Шерлока Холмса это вопрос как будто смутил.
– Будьте откровенны! – потребовала она, стоя на каминном коврике и проницательно глядя сверху вниз на моего друга, откинувшегося в плетеном кресле.
– Если откровенно, сударыня, то нет.
– Вы думаете, что он мертв?
– Да.
– Убит?
– Этого я не сказал, но возможно.
– И в какой день он встретил свою смерть?
– В понедельник.
– Тогда, быть может, мистер Холмс, вы будете столь любезны объяснить мне, каким образом я могла сегодня получить от него письмо?
Шерлок Холмс вскочил из кресла, будто гальванизованный.
– Как! – вскричал он.
– Да, сегодня. – Она стояла, улыбаясь, помахивая в воздухе листком бумаги.
– Могу я взглянуть?
– Разумеется.
Он прямо-таки выхватил у нее листок, столь велико было его нетерпение, разгладил его на столе, пододвинул лампу и внимательно его изучал. Я также встал и наклонился над плечом моего друга. Конверт был из грубой бумаги со штемпелем Грейвсендской почты, датированным этим самым днем, или, вернее, вчерашним, так как время заметно перевалило за полночь.
– Малограмотный почерк! – пробормотал Холмс. – Конечно же, он не может принадлежать вашему мужу, сударыня?
– Да. В отличие от записки.
– Мне также ясно, что надписывавший конверт прервался, чтобы справиться об адресе.
– Почему вы так считаете?
– Фамилия, как вы видите, написана абсолютно черными чернилами, которые затем высохли. Все прочие слова имеют сероватый оттенок, из чего следует, что их промокнули. Если бы все слова писались подряд, то после промакивания ни единое не осталось бы совершенно черным. То есть писавший прервался, когда перешел к адресу, из чего следует, что он его не знал. Разумеется, это пустяк, но нет ничего важнее пустяков. А теперь займемся письмом! Ха! В конверт было что-то вложено!
– Да, кольцо. Его перстень с печаткой.
– И вы убеждены, что это почерк вашего мужа?
– Один из его почерков.
– Один из?
– Его почерк, когда он пишет торопливо. Совершенно не похожий на его обычный, но тем не менее я его хорошо знаю.

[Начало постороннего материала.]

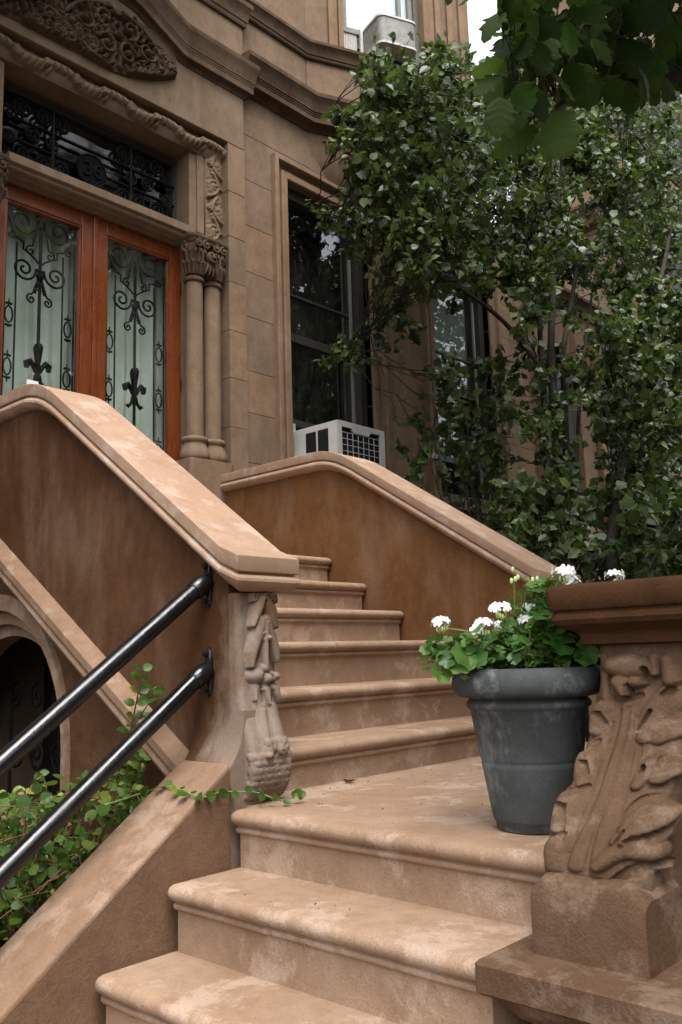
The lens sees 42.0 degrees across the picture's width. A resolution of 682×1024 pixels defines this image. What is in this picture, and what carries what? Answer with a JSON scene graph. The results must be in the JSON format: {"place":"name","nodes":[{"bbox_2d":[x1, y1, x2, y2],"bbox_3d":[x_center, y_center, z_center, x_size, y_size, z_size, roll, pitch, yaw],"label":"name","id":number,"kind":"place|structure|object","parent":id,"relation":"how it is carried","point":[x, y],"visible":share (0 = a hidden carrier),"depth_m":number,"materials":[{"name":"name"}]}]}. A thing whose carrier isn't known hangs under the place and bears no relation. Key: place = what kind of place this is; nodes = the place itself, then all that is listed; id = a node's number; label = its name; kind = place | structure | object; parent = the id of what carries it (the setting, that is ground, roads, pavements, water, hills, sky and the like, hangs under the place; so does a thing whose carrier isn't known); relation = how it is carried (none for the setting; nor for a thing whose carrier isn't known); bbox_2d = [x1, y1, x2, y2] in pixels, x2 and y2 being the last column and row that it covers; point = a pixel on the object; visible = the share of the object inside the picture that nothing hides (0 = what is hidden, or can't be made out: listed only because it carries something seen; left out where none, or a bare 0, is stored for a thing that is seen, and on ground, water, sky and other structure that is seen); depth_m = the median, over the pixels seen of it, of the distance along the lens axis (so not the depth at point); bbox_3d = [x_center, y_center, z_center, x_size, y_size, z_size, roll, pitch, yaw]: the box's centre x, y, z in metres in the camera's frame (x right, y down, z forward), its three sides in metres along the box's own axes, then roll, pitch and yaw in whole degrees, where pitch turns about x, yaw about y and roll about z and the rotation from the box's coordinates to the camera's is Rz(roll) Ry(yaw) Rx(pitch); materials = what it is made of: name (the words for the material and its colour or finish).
{"place":"outdoors","nodes":[
{"label":"outdoors","id":0,"kind":"place"},
{"bbox_2d":[0,0,534,831],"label":"brownstone house","id":1,"kind":"structure","parent":0,"point":[182,282],"depth_m":6.70,"materials":[{"name":"brown stone"}]},
{"bbox_2d":[0,183,92,394],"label":"door","id":2,"kind":"structure","parent":1,"relation":"in","point":[46,267],"depth_m":5.97,"materials":[{"name":"brown wood"}]},
{"bbox_2d":[96,218,180,460],"bbox_3d":[-1.393,-0.776,6.498,0.304,2.457,1.147,-10,-12,42],"label":"door","id":3,"kind":"structure","parent":1,"relation":"in","point":[138,330],"depth_m":6.50,"materials":[{"name":"brown wood"}]},
{"bbox_2d":[288,187,367,450],"bbox_3d":[-0.248,-1.494,7.783,0.335,2.457,1.020,-10,-12,42],"label":"sash window","id":4,"kind":"structure","parent":1,"relation":"in","point":[315,268],"depth_m":8.00,"materials":[{"name":"black glass"}]},
{"bbox_2d":[294,420,385,467],"bbox_3d":[-0.010,-0.483,7.292,0.485,0.378,0.584,-10,-12,42],"label":"air conditioner","id":5,"kind":"object","parent":1,"relation":"attached to","point":[349,439],"visible":0.66,"depth_m":7.12,"materials":[{"name":"white metal"}]},
{"bbox_2d":[343,0,419,66],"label":"bay window","id":6,"kind":"structure","parent":1,"relation":"in","point":[357,14],"depth_m":8.41,"materials":[{"name":"white glass"}]},
{"bbox_2d":[359,13,415,62],"bbox_3d":[0.424,-4.307,8.130,0.413,0.375,0.435,2,-10,-23],"label":"air conditioner","id":7,"kind":"object","parent":1,"relation":"attached to","point":[381,26],"visible":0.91,"depth_m":7.96,"materials":[{"name":"grey metal"}]},
{"bbox_2d":[432,263,492,501],"bbox_3d":[1.093,-1.303,9.214,0.335,2.457,1.020,-10,-12,42],"label":"sash window","id":8,"kind":"structure","parent":1,"relation":"in","point":[450,330],"depth_m":9.42,"materials":[{"name":"black glass"}]},
{"bbox_2d":[391,348,519,531],"bbox_3d":[1.079,0.528,7.317,0.848,4.256,1.993,-10,-12,42],"label":"shrub","id":9,"kind":"object","parent":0,"point":[466,420],"visible":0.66,"depth_m":7.40,"materials":[{"name":"green plant"}]},
{"bbox_2d":[467,0,511,221],"label":"sky","id":10,"kind":"structure","parent":0,"point":[477,10],"materials":[{"name":"white"}]},
{"bbox_2d":[305,29,681,741],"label":"tree","id":11,"kind":"object","parent":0,"point":[421,121],"visible":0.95,"depth_m":6.92,"materials":[{"name":"green plant"}]},
{"bbox_2d":[484,462,635,741],"bbox_3d":[1.816,1.049,6.433,0.803,2.962,2.747,-8,-11,34],"label":"shrub","id":12,"kind":"object","parent":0,"point":[538,530],"visible":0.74,"depth_m":6.13,"materials":[{"name":"green plant"}]},
{"bbox_2d":[517,0,681,494],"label":"row house","id":13,"kind":"structure","parent":0,"point":[588,231],"depth_m":13.73,"materials":[{"name":"brown stone"}]},
{"bbox_2d":[657,91,681,189],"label":"window","id":14,"kind":"structure","parent":13,"relation":"in","point":[679,142],"depth_m":14.67,"materials":[{"name":"black glass"}]},
{"bbox_2d":[664,242,681,387],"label":"window","id":15,"kind":"structure","parent":13,"relation":"in","point":[676,286],"depth_m":13.76,"materials":[{"name":"black glass"}]},
{"bbox_2d":[576,226,681,580],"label":"tree","id":16,"kind":"object","parent":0,"point":[633,359],"visible":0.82,"depth_m":6.60,"materials":[{"name":"green plant"}]},
{"bbox_2d":[615,480,681,578],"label":"shrub","id":17,"kind":"object","parent":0,"point":[641,527],"visible":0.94,"depth_m":5.73,"materials":[{"name":"green plant"}]},
{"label":"areaway soil","id":18,"kind":"structure","parent":0,"visible":0},
{"bbox_2d":[0,663,165,947],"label":"ivy","id":19,"kind":"object","parent":18,"relation":"on","point":[35,882],"visible":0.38,"depth_m":2.91,"materials":[{"name":"green plant"}]},
{"label":"ground","id":20,"kind":"structure","parent":0,"visible":0},
{"bbox_2d":[0,760,230,1023],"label":"curb wall","id":21,"kind":"structure","parent":20,"relation":"on","point":[106,907],"depth_m":2.58,"materials":[{"name":"brown stone"}]},
{"bbox_2d":[103,780,305,811],"bbox_3d":[-0.475,0.923,2.873,0.689,0.096,0.250,-3,-9,9],"label":"vine","id":22,"kind":"object","parent":21,"relation":"on","point":[296,794],"visible":0.94,"depth_m":2.85,"materials":[{"name":"green plant"}]},
{"bbox_2d":[0,384,300,869],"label":"stair wall","id":23,"kind":"structure","parent":20,"relation":"on","point":[117,529],"depth_m":3.52,"materials":[{"name":"stone"}]},
{"bbox_2d":[0,562,213,889],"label":"pipe railing","id":24,"kind":"object","parent":23,"relation":"attached to","point":[20,854],"visible":0.98,"depth_m":2.74,"materials":[{"name":"black metal"}]},
{"bbox_2d":[95,555,587,1023],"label":"stone staircase","id":25,"kind":"structure","parent":20,"relation":"on","point":[432,892],"depth_m":2.46,"materials":[{"name":"brown stone"}]},
{"bbox_2d":[343,778,356,781],"bbox_3d":[0.031,1.016,3.361,0.045,0.013,0.044,-10,-12,42],"label":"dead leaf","id":26,"kind":"object","parent":25,"relation":"on","point":[349,780],"visible":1,"depth_m":3.36,"materials":[{"name":"brown plant"}]},
{"bbox_2d":[244,769,465,915],"bbox_3d":[0.491,1.081,3.244,0.772,0.178,2.165,-10,-12,42],"label":"debris","id":27,"kind":"object","parent":25,"relation":"on","point":[344,817],"visible":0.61,"depth_m":2.91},
{"bbox_2d":[452,665,600,834],"bbox_3d":[0.521,0.643,2.434,0.415,0.429,0.415,-10,-12,42],"label":"flower pot","id":28,"kind":"object","parent":25,"relation":"on","point":[530,725],"visible":0.85,"depth_m":2.31,"materials":[{"name":"ceramic"}]},
{"bbox_2d":[416,564,624,682],"bbox_3d":[0.520,0.330,2.466,0.629,0.351,0.331,-2,-9,1],"label":"geranium","id":29,"kind":"object","parent":28,"relation":"in","point":[535,637],"visible":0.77,"depth_m":2.38,"materials":[{"name":"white plant"}]},
{"bbox_2d":[220,451,580,675],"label":"stair wall","id":30,"kind":"structure","parent":20,"relation":"on","point":[419,558],"depth_m":5.29,"materials":[{"name":"brown stone"}]},
{"bbox_2d":[475,575,681,1023],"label":"landing wall","id":31,"kind":"structure","parent":20,"relation":"on","point":[601,943],"depth_m":1.89,"materials":[{"name":"stone"}]},
{"bbox_2d":[526,271,661,741],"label":"wing","id":32,"kind":"structure","parent":20,"relation":"on","point":[588,471],"depth_m":10.90,"materials":[{"name":"brown stone"}]},
{"bbox_2d":[544,358,585,582],"bbox_3d":[2.624,-0.412,10.442,0.029,2.800,0.700,-10,-12,42],"label":"window","id":33,"kind":"structure","parent":32,"relation":"in","point":[572,438],"depth_m":10.70,"materials":[{"name":"grey glass"}]},
{"bbox_2d":[605,385,628,533],"bbox_3d":[3.675,-0.262,11.565,0.029,2.800,0.650,-10,-12,42],"label":"window","id":34,"kind":"structure","parent":32,"relation":"in","point":[608,449],"depth_m":11.43,"materials":[{"name":"black glass"}]},
{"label":"sidewalk","id":35,"kind":"structure","parent":0,"visible":0},
{"bbox_2d":[445,0,681,160],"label":"street tree","id":36,"kind":"object","parent":35,"relation":"on","point":[578,41],"visible":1,"depth_m":3.31,"materials":[{"name":"green plant"}]}
]}

– «Любимая, не беспокойся. Все завершится хорошо. Допущена досаднейшая ошибка, на исправление которой может потребоваться некоторое время. Будь терпелива. Невилл». Написано карандашом на титульной странице книги форматом в одну восьмую листа. Никаких водяных знаков. Гм! Отправлено сегодня в Грейвсенде человеком с грязным большим пальцем. Ха! И заклеен конверт, если я не слишком ошибаюсь, человеком, жевавшим табак. У вас нет никаких сомнений, сударыня, что это почерк вашего мужа?
– Ни малейших. Эти слова написаны Невиллом.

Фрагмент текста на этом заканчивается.